ミステリー小説の90%は恋愛小説。
登場人物はあこがれの街に住み、料理の達人だったり愛犬家だったり。
そんなディテールの面白さと魅力的な登場人物、ときにおかしくて、ときにスリリングな謎解きが一体となったミステリー小説の楽しさを体験してみて!?
さて今回は、ファンタジーの3冊。
妖精が出てきたり、
未知の世界に迷い込んだり、
奇妙な事件が起こったり、
ミステリーではないけれど、”ミステリアス”な楽しみを与えてくれる点ではいっしょ。
その代表作が短編集『ゲイルズバーグの春を愛す』は現代風刺が胸に痛い作品。
『ゲイルズバーグの春を愛す』/ジャック・フィニイ。
ゲイルズバーグの春を愛す (ハヤカワ文庫 FT 26) (1980/11) ジャック・フィニイ 商品詳細を見る |
『ゲイルズバーグの春を愛す』は、時のかなたへと旅立ち、溶け込んでいく人たちの姿が、これ以上ないというくらいあたたかく描かれている。
「ノスタルジックに過ぎる」「単なる逃避でしかないよ」と嫌う方もいるだろうけれど、私はそこが素敵だと思う。過去への憧れを、タイム・トラベルというロケットに乗せて打ち上げる作者の思いが、この宝石箱のような短篇集の中で輝いている。
『図書室のドラゴン』は16歳の少年の物語。
『図書室のドラゴン 』/マイクル カンデル。
16歳のシャーマン・ポッツは悩み多き高校生。ある日、ため息を23回ついた拍子に、なんと別世界の図書室に転相してしまった。しかも、それが魔法の図書室ときていた。そこで本を読めば、ドラゴン退治の騎士になるのも超能力者になるのも思いのまま、実際に物語のなかにはいりこんで冒険ができるのだ。現実世界の憂さを吹き飛ばせとばかりに、シャーマンはさまざまな本を試してみるが…。新鋭が贈るユーモア・ファンタジイ。

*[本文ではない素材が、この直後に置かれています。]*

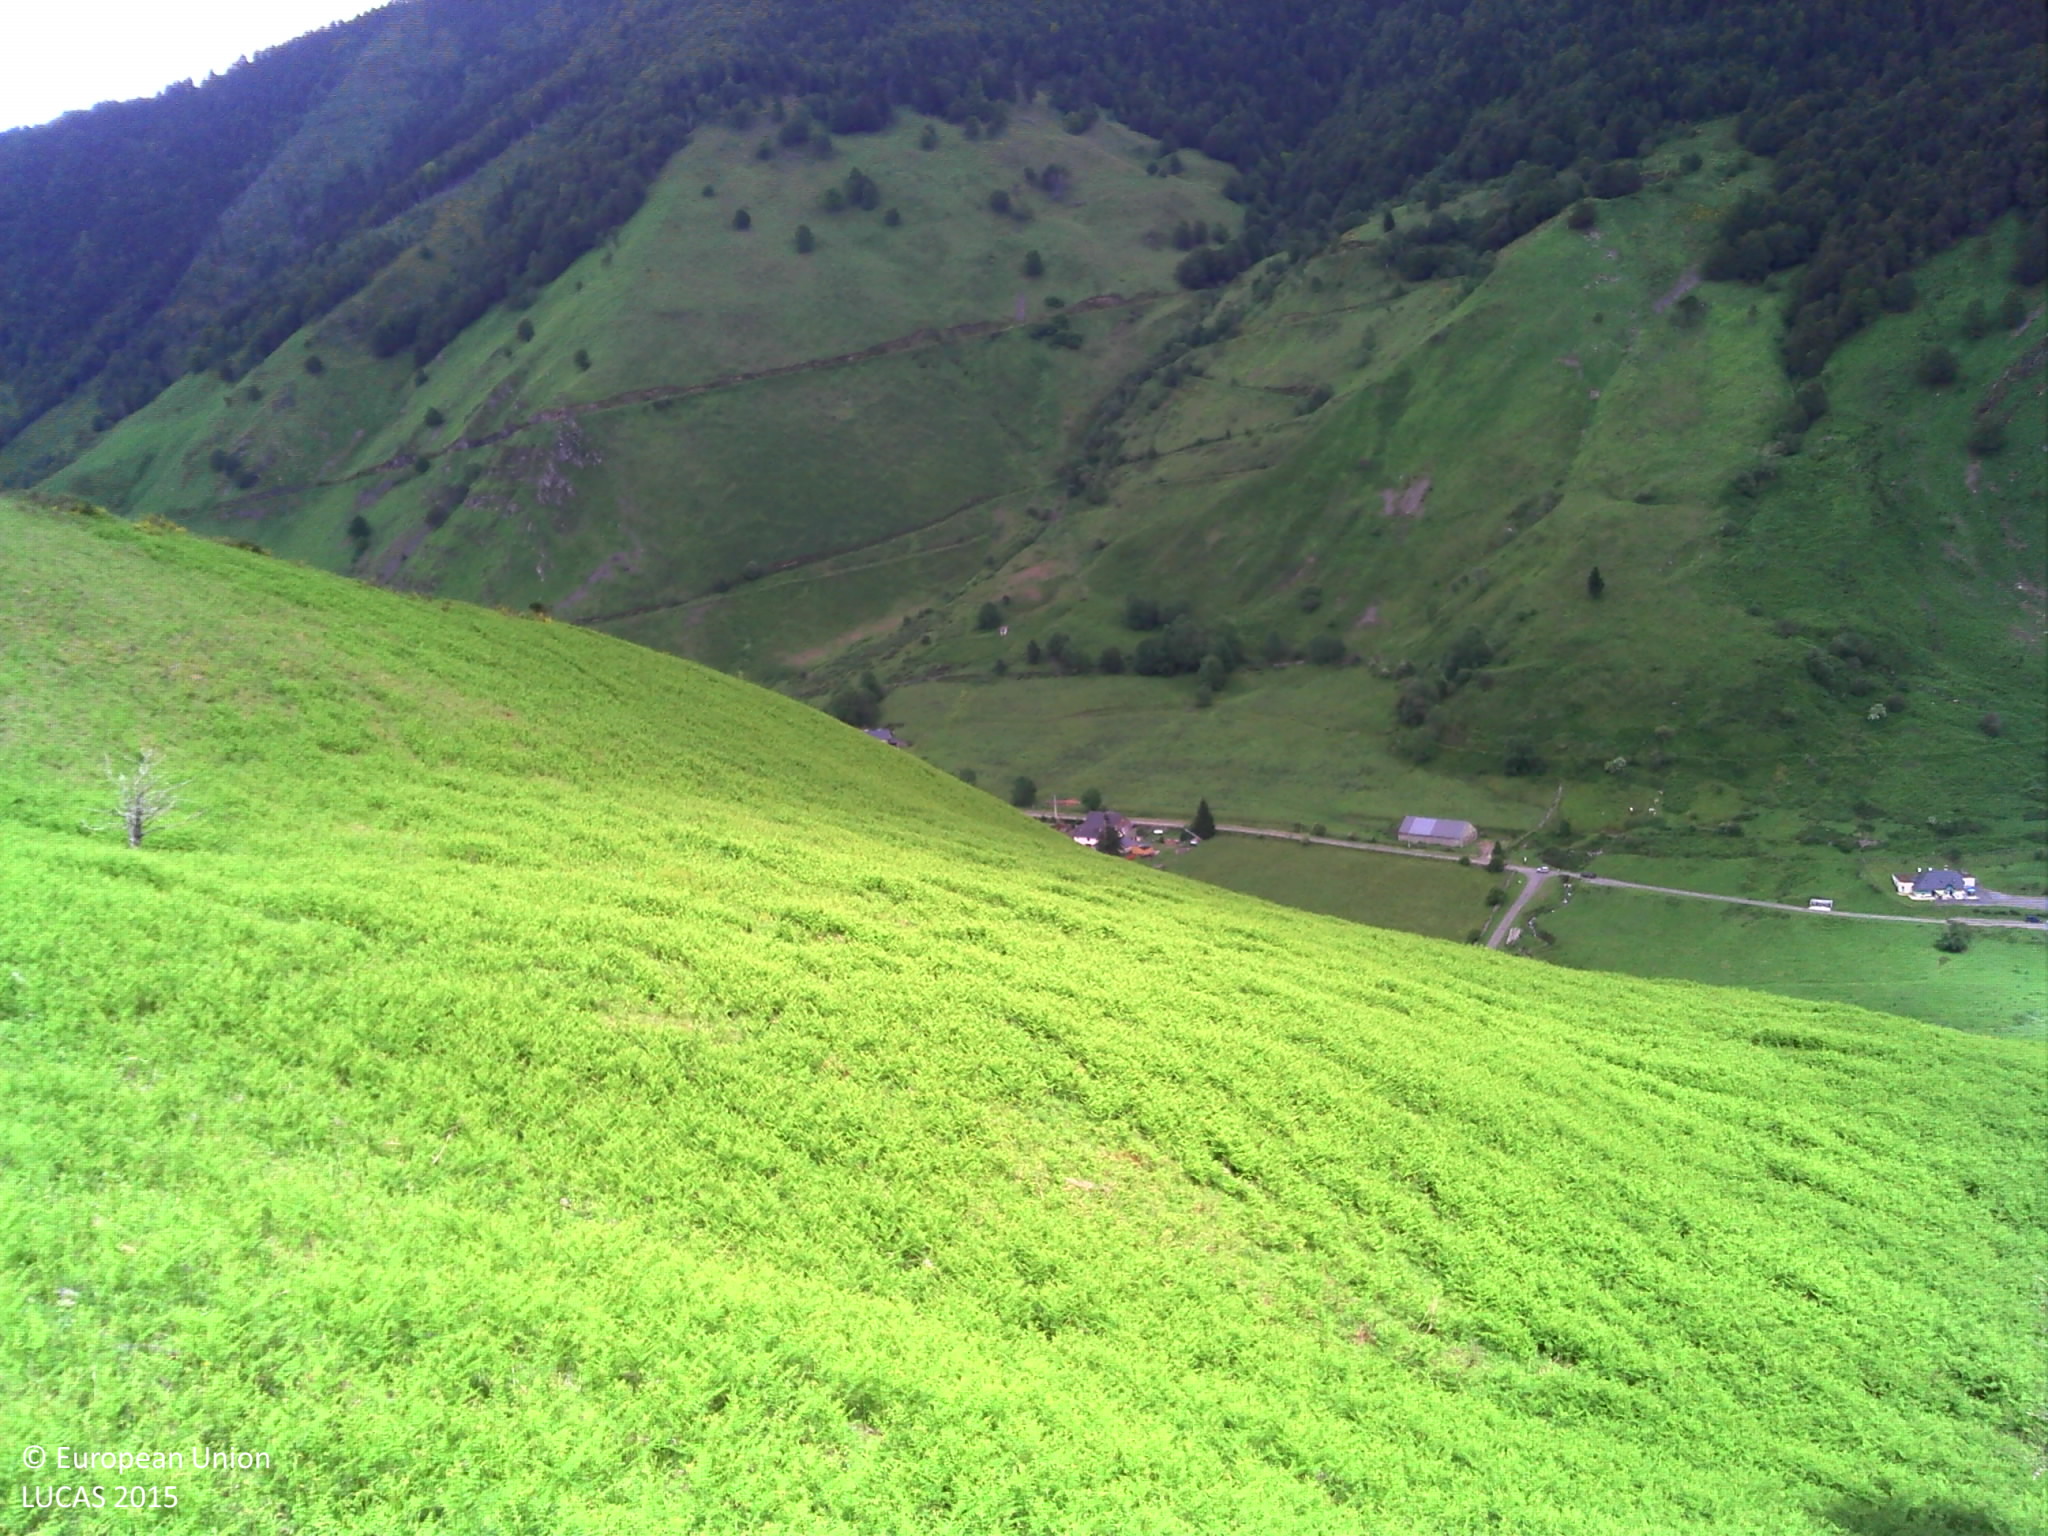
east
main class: Grassland
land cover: Grassland without tree/shrub cover
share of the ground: > 75 %
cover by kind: herbaceous plants 100 %
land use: Agriculture (excluding fallow land and kitchen gardens)
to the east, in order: Grassland without tree/shrub cover; Tracks; Shrubland without tree cover
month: June
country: FR
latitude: 42.9123
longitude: -0.6262

このマクガルヴィーランドでは、図書室の中にある本の中に自由に行き来でき、いろんな物語の主人公になることができるので、いくつもの物語と現実が次々に(細切れに)同時並行的に進行していく。
思春期の少年の溜息とともに語られる、ちょっと湿っぽいひねくれたSF&ファンタジーだけど、いろいろ読んできてちょっと変わり種の本が読みたい人にはいいかもね。
『一角獣をさがせ!』は私立探偵マロリーが活躍。
『一角獣をさがせ! 』/マイク・レズニック。
うだつのあがらない私立探偵のマロリーは、大晦日の夜、ひとり寂しく酒を飲んでいた。すると緑色の妖精が出現して、盗まれた一角獣を探してほしいという。すべてはアルコールの幻覚症状かと思われたが、どうやら妖精はほんとうに目の前にいるらしい。現実の世界になんの未練もないマロリーは妖精に案内されて異次元のマンハッタンへと旅立つが…。ハードボイルド、ファンタジイ、RPGの要素がブレンドされた異色作。
ハードボイルドな主人公がファンタジーゲームのような世界でだんだんとコツをつかみ、つわもの相手に出し抜く痛快さにワクワクしました。
期待を裏切らない、この皮肉の聞いたおもちゃ箱の様な展開をぜひ一度楽しんでほしいです。